Между тем обед группы социалистов продолжался. К столу Жореса подошел молодой журналист из газеты «Бонне Руж» Рене Долье, Он показал Жоресу цветную фотографию своей маленькой дочки. Жорес взял ее в руки, разглядывая снимок. Выражение тоскливой озабоченности на его лице сменилось доброй улыбкой. Вдруг занавеска за спиной Жореса раздвинулась и с улицы в кафе протянулась рука с револьвером, направленным прямо в находившуюся в полуметре голову Жореса. Прогремел выстрел, за ним второй. Жорес медленно, как будто он вдруг задремал, повалился на бок.

Крики, суматоха, беготня, звон посуды сменились мертвой тишиной. Друзья подняли Жореса и положили на сдвинутые столы. Появился врач, и через минуту его лицо сказало все. Тишину разорвал пронзительный женский крик:

— Жорес убит!

* * *

1 августа 1914 года французы в оцепенении читали расклеенные на стенах воззвания правительства: одно об убийстве Жореса, другое о всеобщей мобилизации, о войне. Каждый честный человек воспринимал их как нечто единое: эти два трагических события в сознании многих миллионов слились в одну катастрофу. Так оно и было, в сущности.

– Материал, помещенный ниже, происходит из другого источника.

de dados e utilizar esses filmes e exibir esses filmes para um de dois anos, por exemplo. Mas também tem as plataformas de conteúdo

Жорес погиб, а предотвратить войну ему не удалось. Потерпела крах и возглавлявшаяся им социалистическая партия. Ее руководители с каким-то едва скрытым облегчением теперь немедленно капитулировали перед своей буржуазией и согласились на «священное единение» с ней, ради защиты отечества, естественно. Над гробом Жореса они клялись, что делают это во имя его идеалов. Ведь он уже ничего не мог им сказать… Человек, воплощавший совесть и надежды трудовой Франции, погиб, ибо, как говорил Ромен Роллан, для его добродетели не оставалось места на земле в наступавшую лихорадочную эпоху.

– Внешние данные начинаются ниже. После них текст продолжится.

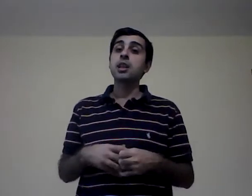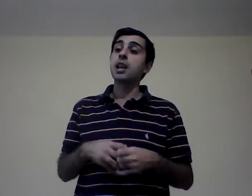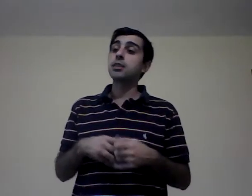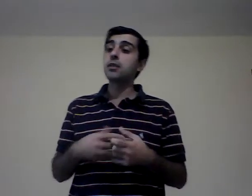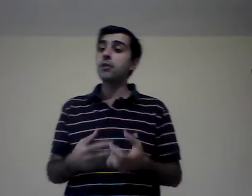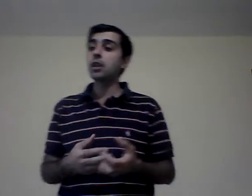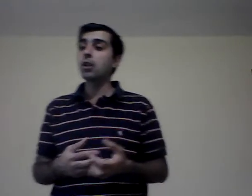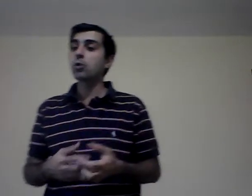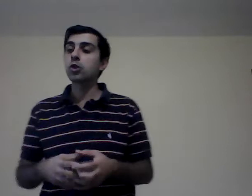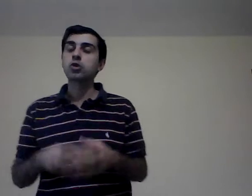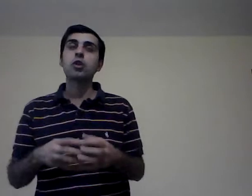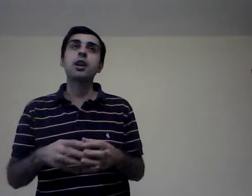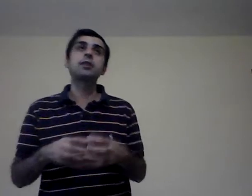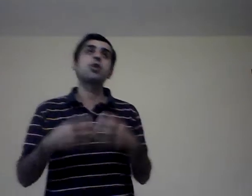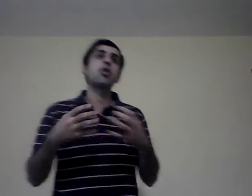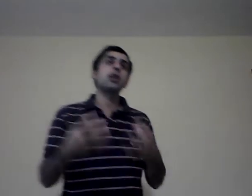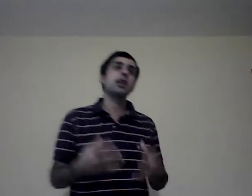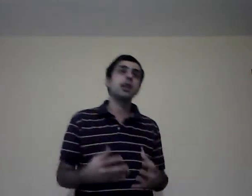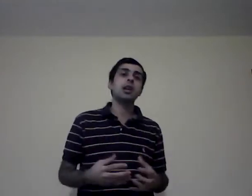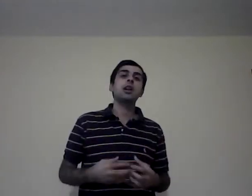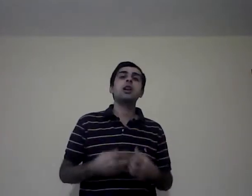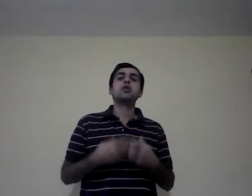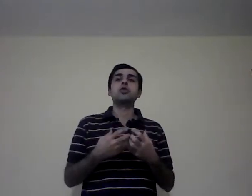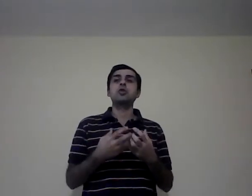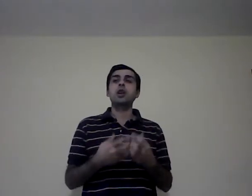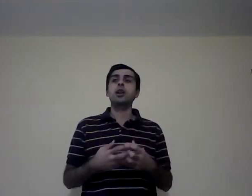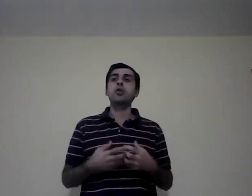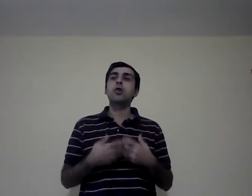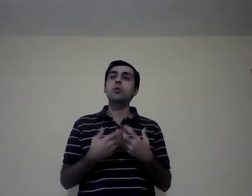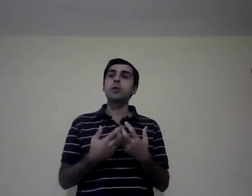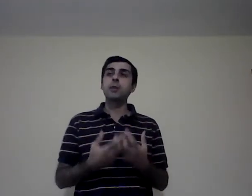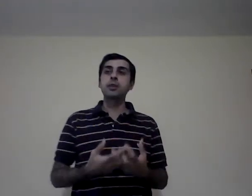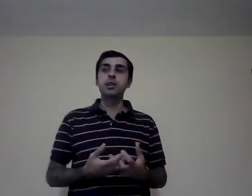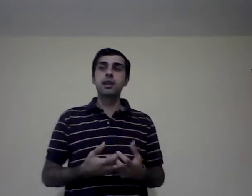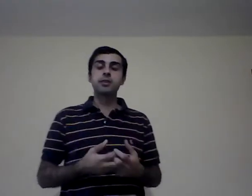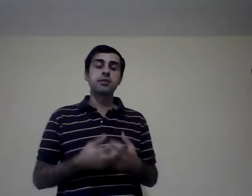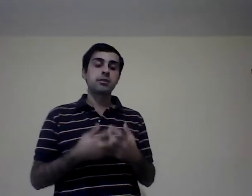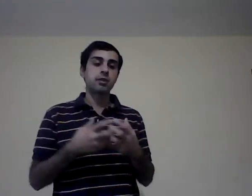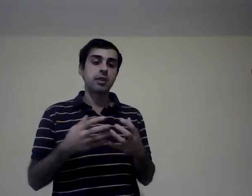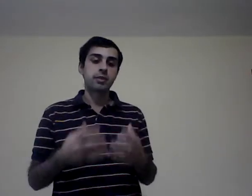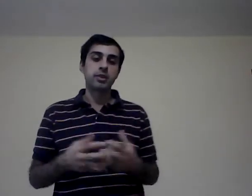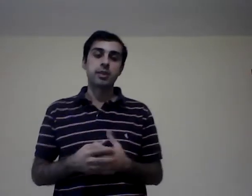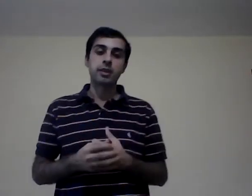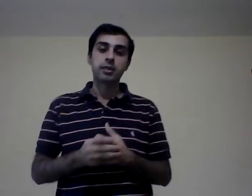las sin fines de lucro son las ONG, sociedades no gubernamentales, etc. ¿Sí?

Какая горькая ирония истории! Не пройдет и месяца со дня убийства Жореса, а Жюль Гэд, так долго и упорно яростно разоблачавший сотрудничество Жореса с левобуржуазными партиями и их лидерами, станет министром далеко не левого буржуазного кабинета и перечеркнет все свои ультрареволюционные прежние высказывания!

Столь близкий к нравственному идеалу беспредельной честности, Жорес не раз заблуждался в своей жизни. Он признавал это: «Я не клевещу до такой степени сам па себя, чтобы претендовать на то, что жизнь ничему меня не научила».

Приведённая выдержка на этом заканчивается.